Actress Zendaya ‏wrote: " I have nothing to say ... I can't believe what I'm seeing ... I can't sleep. A shame."

She added: "Speechless ... petrified ... heartbroken ... weary. I don't know what to say or what to do. I guess I just never knew how many people in this country didn't love other people in this country."

TV cook Nigella Lawson said she felt sickened by the result.

"I never had the audacity of hope, but even so, this is sickening," she wrote.

"This is more than just populism - it's racism. Confederate flags will be flying.

"And no, I'm not saying everyone who voted for Trump is a racist and a misogynist. But this doesn't negate my earlier remark."

Singer Lady Gaga protested outside Trump Tower in New York, holding a banner reading "Love Trumps Hate" as the results came in.

Posting an image of the protest on Twitter, she added: "I want to live in a #CountryOfKindness where #LoveTrumpsHate."

Actress Lindsay Lohan tweeted: "Retweet if you want a recount."

Some people called for rapper Kanye West to throw his hat into the ring during the next election for US president.

‏@abicmorris tweeted: "There's only one man who can save us now #kanye2020."

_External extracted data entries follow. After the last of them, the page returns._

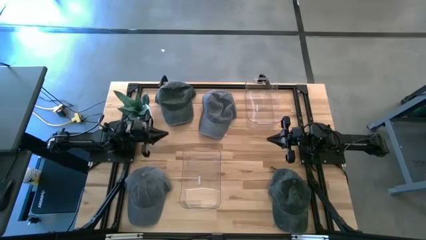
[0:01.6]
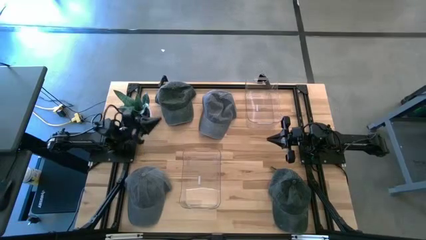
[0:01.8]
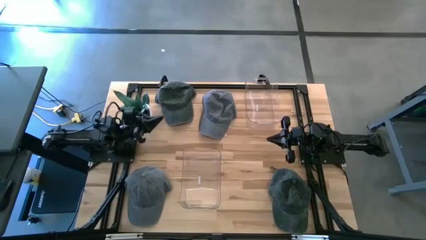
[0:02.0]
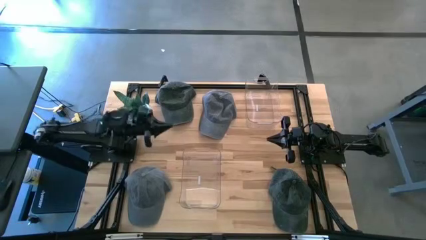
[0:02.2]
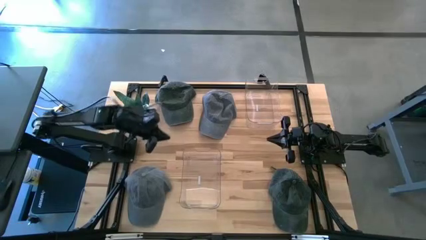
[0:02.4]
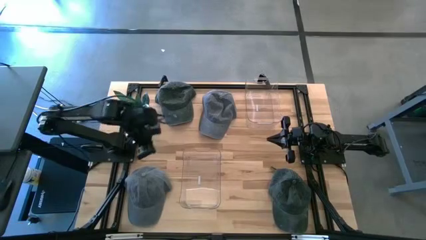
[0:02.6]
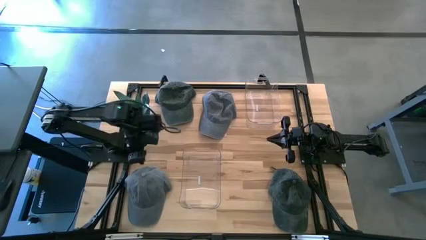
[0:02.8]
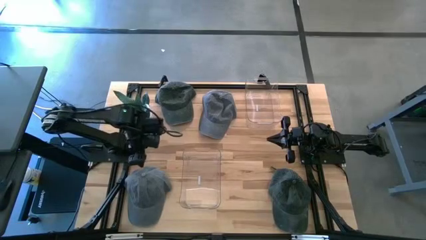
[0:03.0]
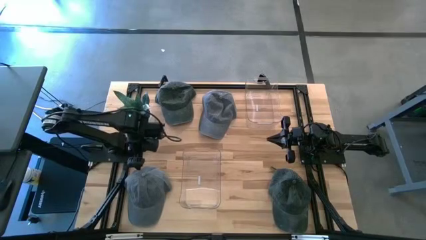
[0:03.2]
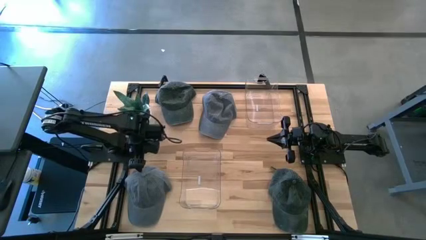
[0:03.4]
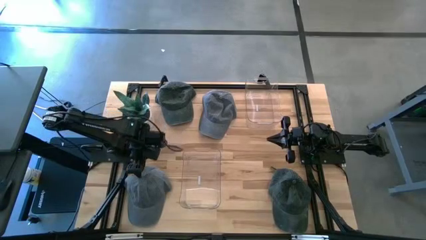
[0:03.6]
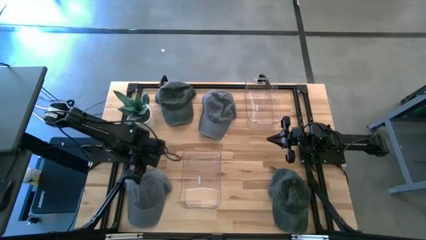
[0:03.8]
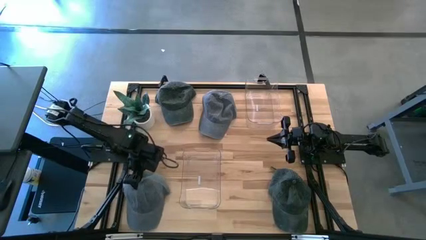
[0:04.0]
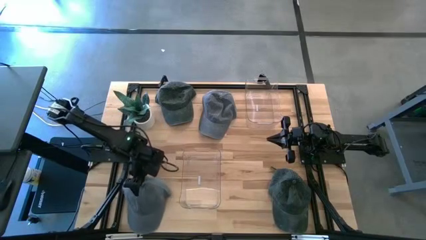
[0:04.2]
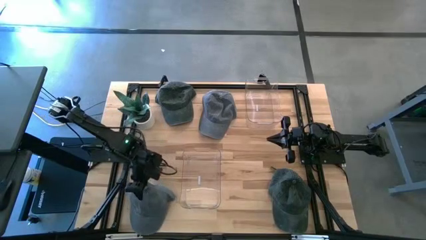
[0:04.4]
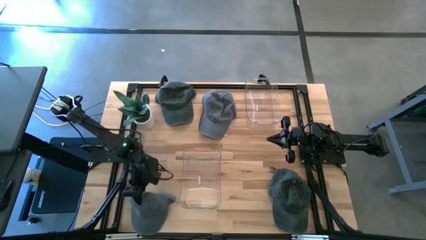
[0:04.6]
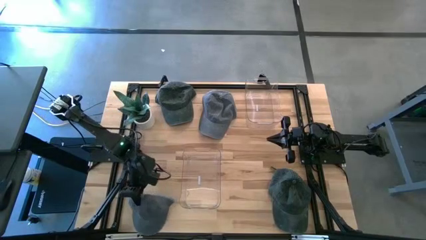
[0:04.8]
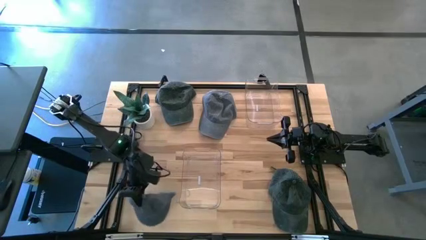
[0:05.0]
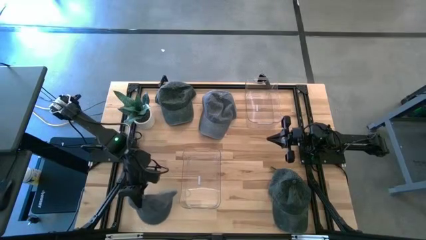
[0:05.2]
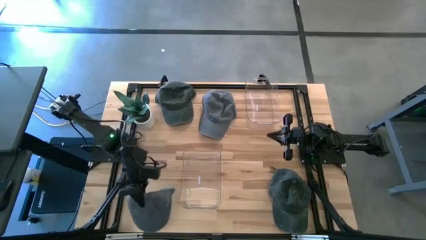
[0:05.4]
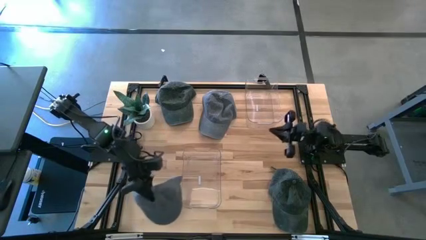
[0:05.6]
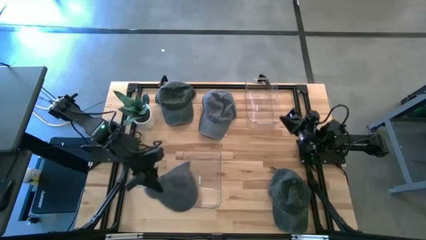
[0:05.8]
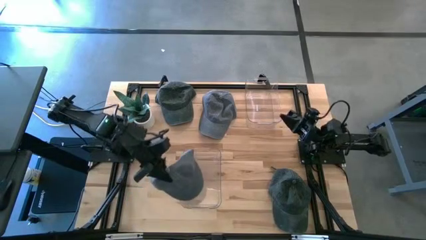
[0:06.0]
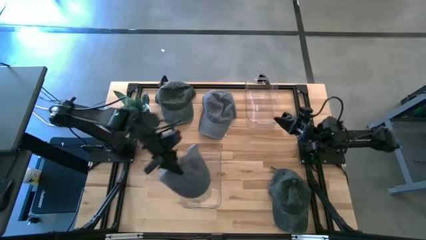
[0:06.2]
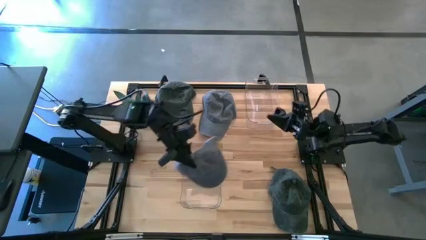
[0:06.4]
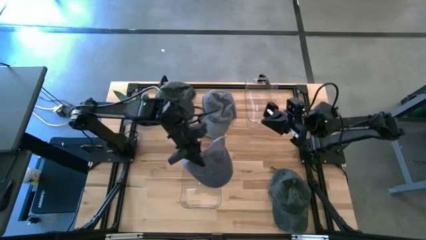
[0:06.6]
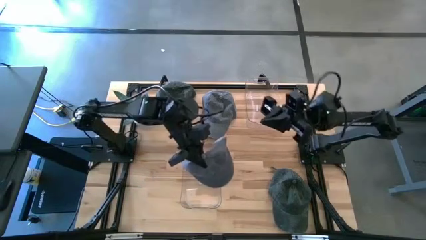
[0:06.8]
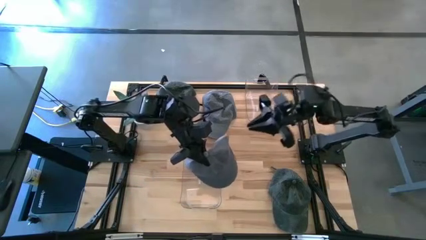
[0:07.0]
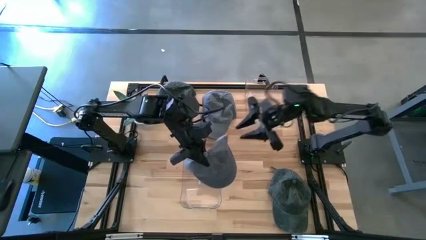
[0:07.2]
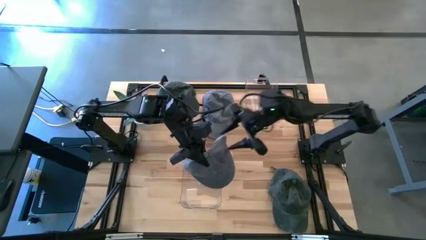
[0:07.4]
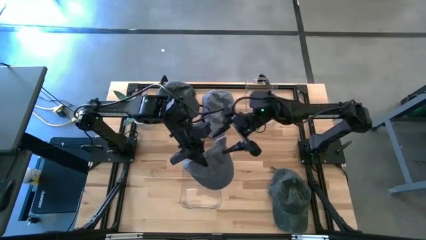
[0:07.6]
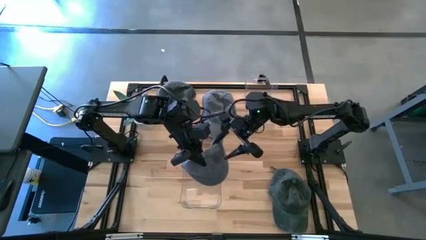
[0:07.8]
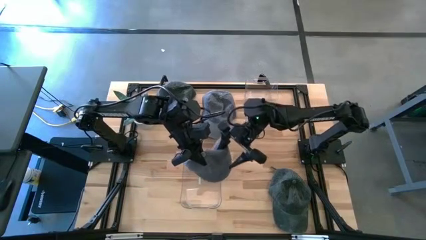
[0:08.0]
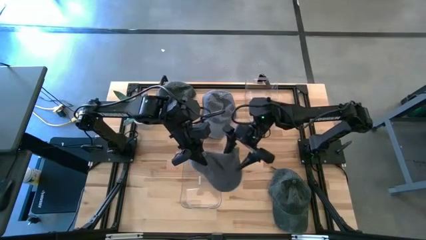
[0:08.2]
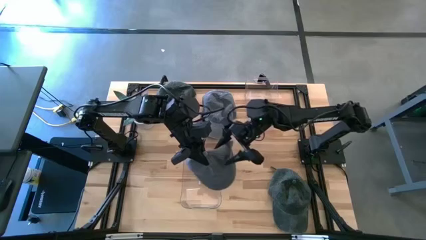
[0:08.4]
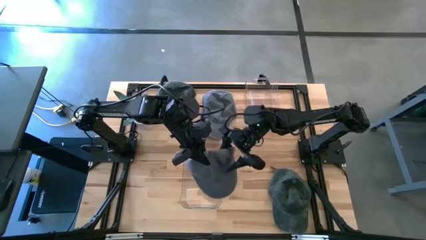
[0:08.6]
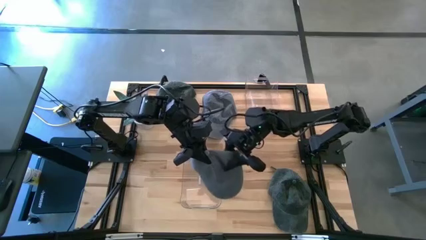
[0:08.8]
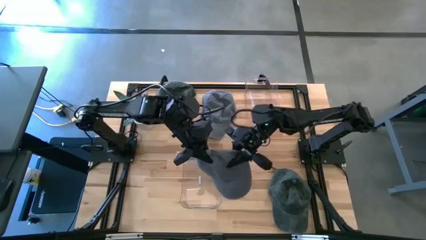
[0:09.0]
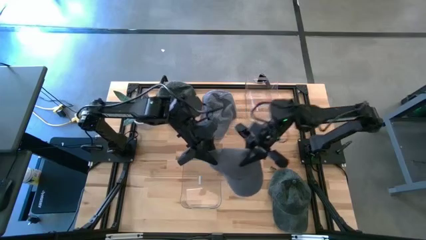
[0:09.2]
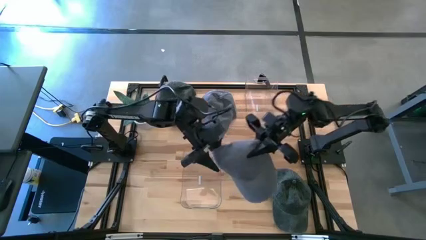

‏@LaurieHanna wrote: "We need #Kanye2020 more now than ever."

One Direction's Niall Horan told people to "grin and bare (sic)" with Mr Trump.

In a series of tweets he wrote: "It's a sad state of affairs but the one thing you can take from it is that map they've shown of how the young people voted.

"Grin and bare with this guy. No one knows what to expect, everyone's nervous but I'm sure the American people will have more sense in 4 years ....... well we all hope so."